━━━━━ Input for this task

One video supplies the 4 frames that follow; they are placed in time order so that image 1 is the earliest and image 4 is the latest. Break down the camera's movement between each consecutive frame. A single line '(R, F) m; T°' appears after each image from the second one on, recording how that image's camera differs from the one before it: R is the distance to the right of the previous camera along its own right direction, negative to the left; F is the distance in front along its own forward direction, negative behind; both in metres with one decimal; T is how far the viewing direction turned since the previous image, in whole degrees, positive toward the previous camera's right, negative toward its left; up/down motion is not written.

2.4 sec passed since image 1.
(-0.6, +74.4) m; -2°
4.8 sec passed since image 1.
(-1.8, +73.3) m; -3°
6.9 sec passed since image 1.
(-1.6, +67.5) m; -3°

━━━━━━━━━━
━━━━━ Input for this task

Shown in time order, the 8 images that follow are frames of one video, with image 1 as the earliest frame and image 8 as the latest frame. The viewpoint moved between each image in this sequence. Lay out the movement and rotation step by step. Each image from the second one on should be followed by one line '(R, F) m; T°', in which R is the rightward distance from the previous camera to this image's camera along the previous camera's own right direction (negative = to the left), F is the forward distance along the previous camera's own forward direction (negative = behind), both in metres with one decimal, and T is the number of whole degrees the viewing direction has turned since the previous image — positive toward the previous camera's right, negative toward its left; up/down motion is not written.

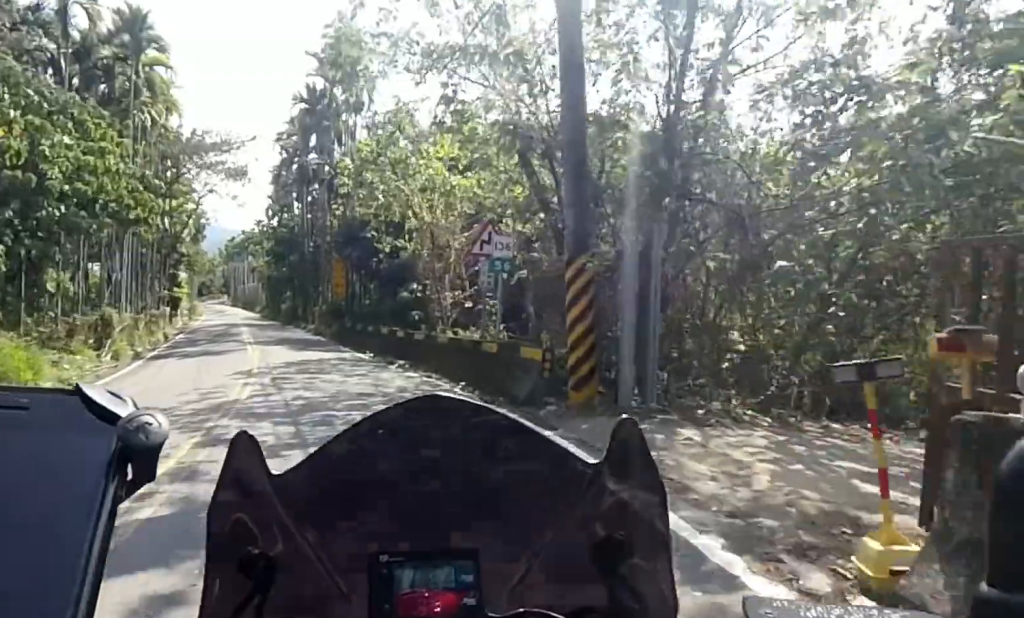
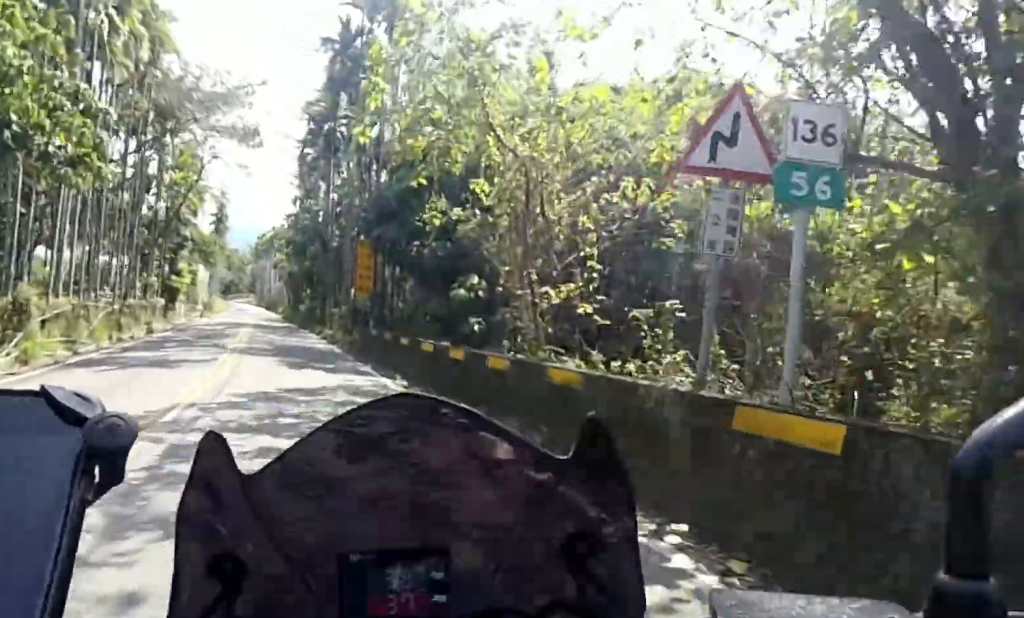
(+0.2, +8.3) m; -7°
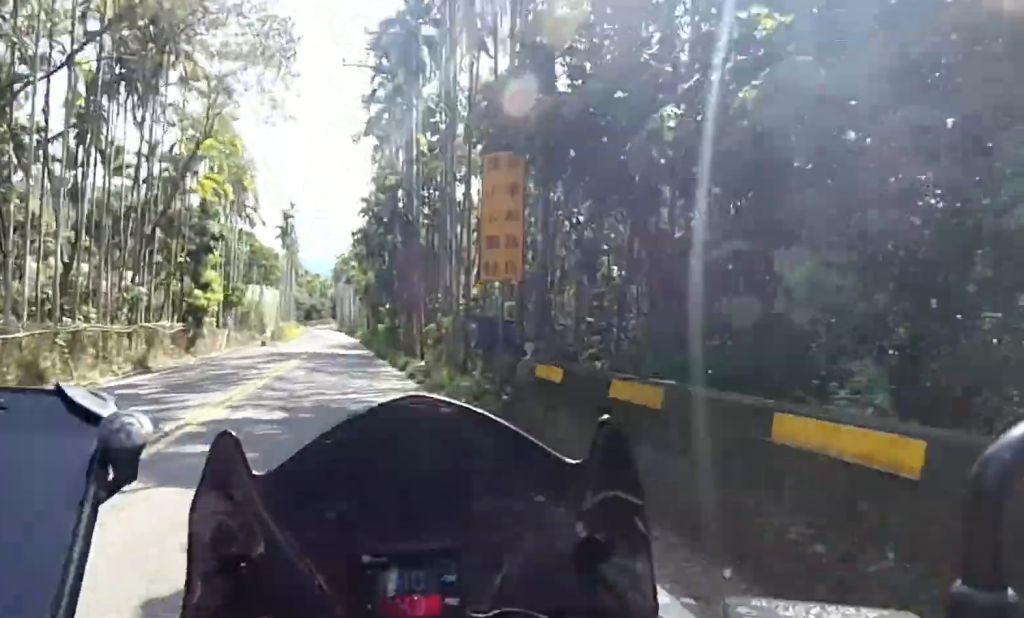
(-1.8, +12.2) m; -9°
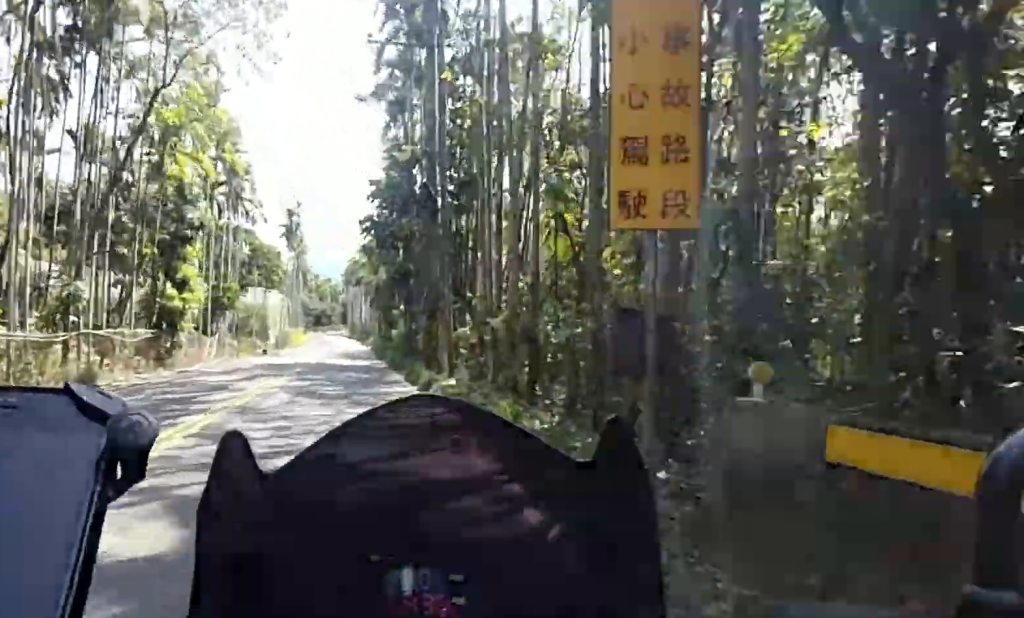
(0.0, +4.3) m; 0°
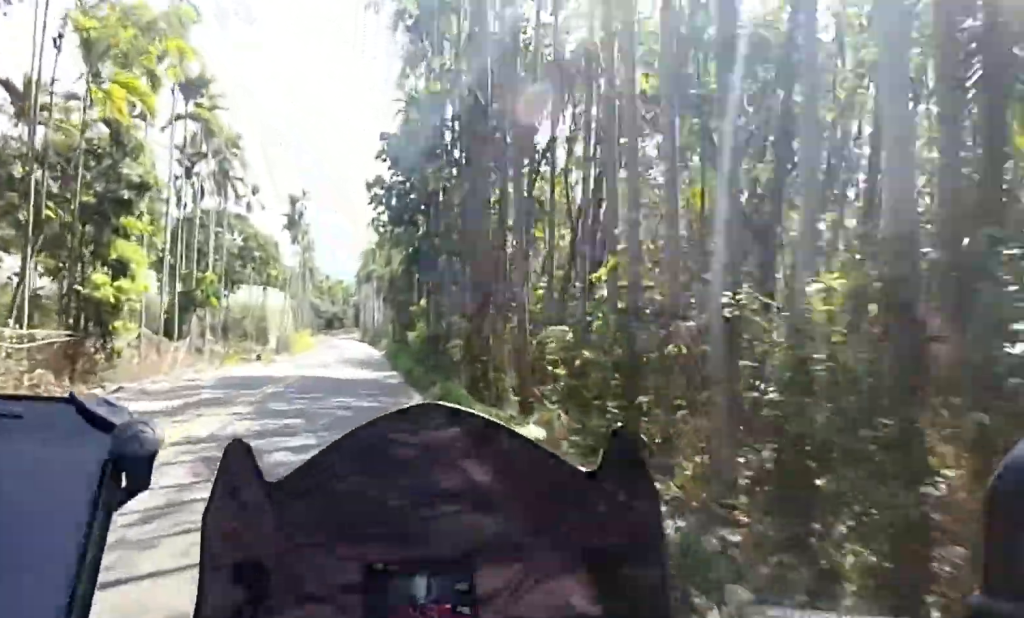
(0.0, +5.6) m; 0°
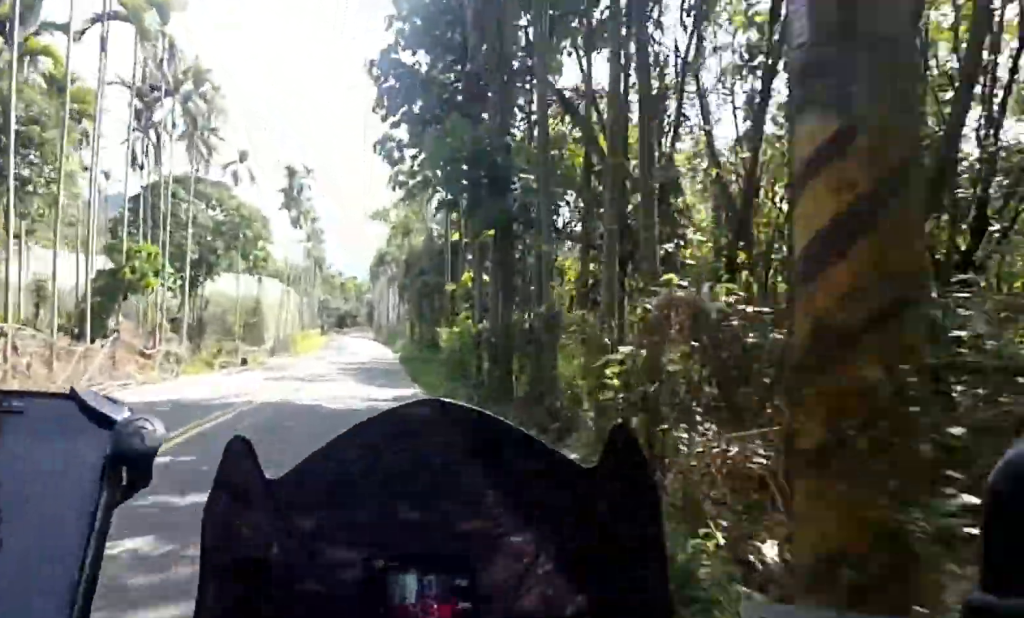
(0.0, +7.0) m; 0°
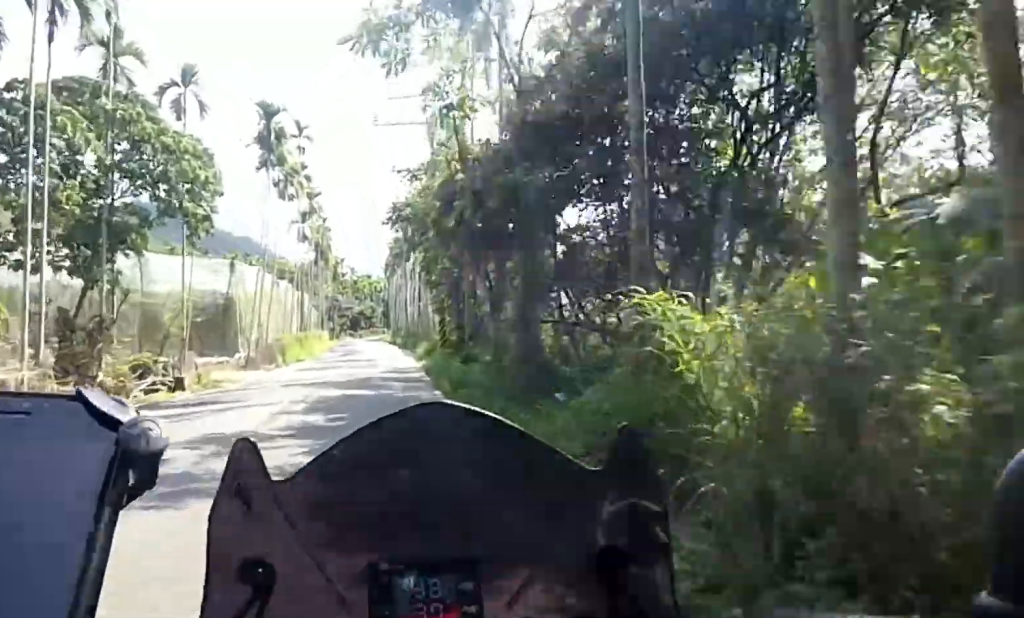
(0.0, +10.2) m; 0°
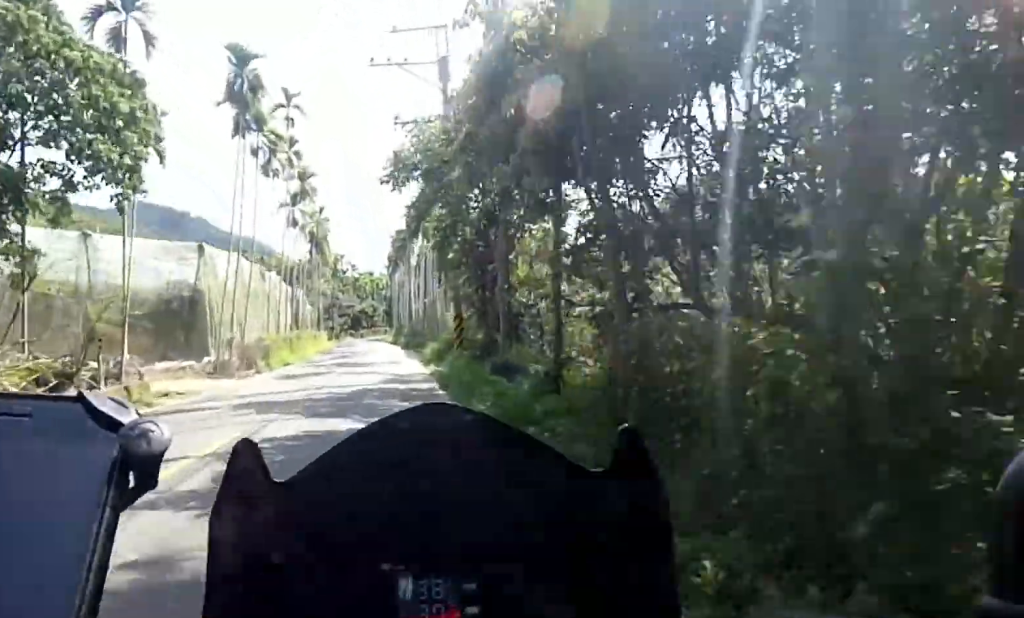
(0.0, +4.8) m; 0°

━━━━━━━━━━
━━━━━ Input for this task

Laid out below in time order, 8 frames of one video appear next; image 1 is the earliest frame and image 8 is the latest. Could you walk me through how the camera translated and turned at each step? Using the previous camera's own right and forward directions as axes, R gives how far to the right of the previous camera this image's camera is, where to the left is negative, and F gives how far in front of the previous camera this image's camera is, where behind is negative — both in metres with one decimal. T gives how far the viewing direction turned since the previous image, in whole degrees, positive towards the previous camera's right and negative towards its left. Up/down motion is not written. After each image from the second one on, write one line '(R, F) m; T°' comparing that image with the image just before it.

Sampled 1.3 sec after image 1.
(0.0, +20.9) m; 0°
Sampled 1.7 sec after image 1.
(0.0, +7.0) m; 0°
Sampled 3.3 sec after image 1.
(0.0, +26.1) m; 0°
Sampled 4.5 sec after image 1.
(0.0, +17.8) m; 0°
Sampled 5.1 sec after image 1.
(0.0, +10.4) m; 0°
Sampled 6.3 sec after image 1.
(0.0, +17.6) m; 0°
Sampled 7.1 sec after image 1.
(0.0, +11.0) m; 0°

━━━━━━━━━━

Count of lines that include "front" in the records above: write that value only.

Response area: 2